Do we know how long it usually takes to get access to the diarization? I submitted my company name and website, but the API calls still aren't working after about 30min. Are those manually approved by the research team?

@ruffy9937 9 месяцев назад

try making a new token , that seemed to have worked for me

@frazuppi4897 11 месяцев назад

Thanks a lot!

@Rollex-rr2xq 7 месяцев назад

Can we save the model by running it on colab. Then download the saved model on my cpu machine to do transcribe. Is it possible??

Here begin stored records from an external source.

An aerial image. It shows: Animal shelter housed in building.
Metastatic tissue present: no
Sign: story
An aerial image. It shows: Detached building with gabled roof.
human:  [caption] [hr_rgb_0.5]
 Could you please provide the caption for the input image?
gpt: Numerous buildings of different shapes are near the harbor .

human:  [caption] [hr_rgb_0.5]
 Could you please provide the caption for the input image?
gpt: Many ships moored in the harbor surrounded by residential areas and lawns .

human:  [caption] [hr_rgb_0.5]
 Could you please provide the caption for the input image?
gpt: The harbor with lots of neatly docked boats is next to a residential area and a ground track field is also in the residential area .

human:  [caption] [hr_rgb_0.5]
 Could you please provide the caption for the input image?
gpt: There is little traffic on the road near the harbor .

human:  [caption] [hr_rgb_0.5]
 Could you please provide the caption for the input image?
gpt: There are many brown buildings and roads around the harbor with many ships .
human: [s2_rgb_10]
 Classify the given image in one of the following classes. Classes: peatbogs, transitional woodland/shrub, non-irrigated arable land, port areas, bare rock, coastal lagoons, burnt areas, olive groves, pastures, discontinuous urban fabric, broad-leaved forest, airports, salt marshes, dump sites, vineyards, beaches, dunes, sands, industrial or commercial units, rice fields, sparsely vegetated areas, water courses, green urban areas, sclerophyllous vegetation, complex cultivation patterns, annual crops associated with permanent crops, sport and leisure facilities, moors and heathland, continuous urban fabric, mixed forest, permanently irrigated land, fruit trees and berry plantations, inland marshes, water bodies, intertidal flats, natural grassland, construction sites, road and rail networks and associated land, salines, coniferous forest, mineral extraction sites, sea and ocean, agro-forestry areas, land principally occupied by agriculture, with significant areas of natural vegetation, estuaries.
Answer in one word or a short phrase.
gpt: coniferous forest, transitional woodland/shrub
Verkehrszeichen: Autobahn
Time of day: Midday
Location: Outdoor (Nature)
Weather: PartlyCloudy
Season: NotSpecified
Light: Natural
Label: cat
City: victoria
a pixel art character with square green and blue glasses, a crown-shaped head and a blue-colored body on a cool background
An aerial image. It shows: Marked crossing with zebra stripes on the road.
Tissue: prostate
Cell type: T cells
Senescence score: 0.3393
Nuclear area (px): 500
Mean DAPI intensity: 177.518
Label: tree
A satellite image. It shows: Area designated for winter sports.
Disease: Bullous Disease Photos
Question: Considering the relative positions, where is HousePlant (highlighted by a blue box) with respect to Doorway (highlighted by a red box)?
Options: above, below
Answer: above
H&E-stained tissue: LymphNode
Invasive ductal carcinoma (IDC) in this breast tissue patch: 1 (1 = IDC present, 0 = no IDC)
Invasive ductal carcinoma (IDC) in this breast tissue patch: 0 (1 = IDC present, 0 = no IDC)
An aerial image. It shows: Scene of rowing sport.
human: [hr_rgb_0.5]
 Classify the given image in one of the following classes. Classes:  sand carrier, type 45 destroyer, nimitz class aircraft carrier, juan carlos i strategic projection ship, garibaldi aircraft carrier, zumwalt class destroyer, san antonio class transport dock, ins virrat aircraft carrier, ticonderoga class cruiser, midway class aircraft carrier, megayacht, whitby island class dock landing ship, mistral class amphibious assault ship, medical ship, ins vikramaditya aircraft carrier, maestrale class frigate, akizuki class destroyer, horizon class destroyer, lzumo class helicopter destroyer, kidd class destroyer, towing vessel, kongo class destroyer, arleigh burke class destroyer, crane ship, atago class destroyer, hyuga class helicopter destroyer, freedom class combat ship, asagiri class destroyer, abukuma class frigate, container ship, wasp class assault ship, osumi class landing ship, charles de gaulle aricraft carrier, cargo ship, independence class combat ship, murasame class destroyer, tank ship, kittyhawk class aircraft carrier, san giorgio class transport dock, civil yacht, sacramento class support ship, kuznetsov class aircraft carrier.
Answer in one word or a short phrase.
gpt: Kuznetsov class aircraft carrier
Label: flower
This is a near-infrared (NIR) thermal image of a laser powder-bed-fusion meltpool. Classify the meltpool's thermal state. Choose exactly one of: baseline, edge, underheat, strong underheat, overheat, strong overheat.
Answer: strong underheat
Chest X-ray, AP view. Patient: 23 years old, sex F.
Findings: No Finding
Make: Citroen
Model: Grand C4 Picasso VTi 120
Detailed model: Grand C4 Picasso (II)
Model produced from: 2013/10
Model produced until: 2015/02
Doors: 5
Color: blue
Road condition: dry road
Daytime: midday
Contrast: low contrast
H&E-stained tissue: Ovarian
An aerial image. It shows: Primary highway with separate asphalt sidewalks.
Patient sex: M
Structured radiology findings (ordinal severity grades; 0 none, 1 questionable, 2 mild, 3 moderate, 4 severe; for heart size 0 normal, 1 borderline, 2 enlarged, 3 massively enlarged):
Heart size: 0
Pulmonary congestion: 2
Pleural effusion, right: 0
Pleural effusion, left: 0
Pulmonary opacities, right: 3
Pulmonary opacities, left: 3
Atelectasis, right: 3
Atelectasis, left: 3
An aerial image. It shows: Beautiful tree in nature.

@engineerprompt 7 месяцев назад

Yes, I think its possible but you will need a GPU to run it.

@slofo22 11 месяцев назад

@Prompt Engineering And how does the transcript export to me. I don't see that in the video you show the export of the transcript to: json, txt,srt,vtt

@engineerprompt 11 месяцев назад

The result is Json, you will just need to write that to disk

@slofo22 11 месяцев назад

@@engineerprompt I'm a newbie, how do I do this?

@slofo22 5 месяцев назад

@@iluminathy3210 yes

@shikharmishra7208 8 месяцев назад

AssertionError Traceback (most recent call last) in () 1 embeddings = np.zeros(shape=(len(segments), 192)) 2 for i, segment in enumerate(segments): ----> 3 embeddings[i] = segment_embedding(segment) 4 5 embeddings = np.nan_to_num(embeddings) Hey, I am getting assertion error, please let me know how to solve this error, Thanks

@TirtharajBiswas 11 месяцев назад

What do you use for adding subs to your youtube videos?

@engineerprompt 11 месяцев назад

Descript.com

@carmenlanders6663 7 месяцев назад

I really wish you had shown more end results of the diarization. I can barely tell if this will work for me. I really wanted to make sure it was worth the time and energy to make this happen.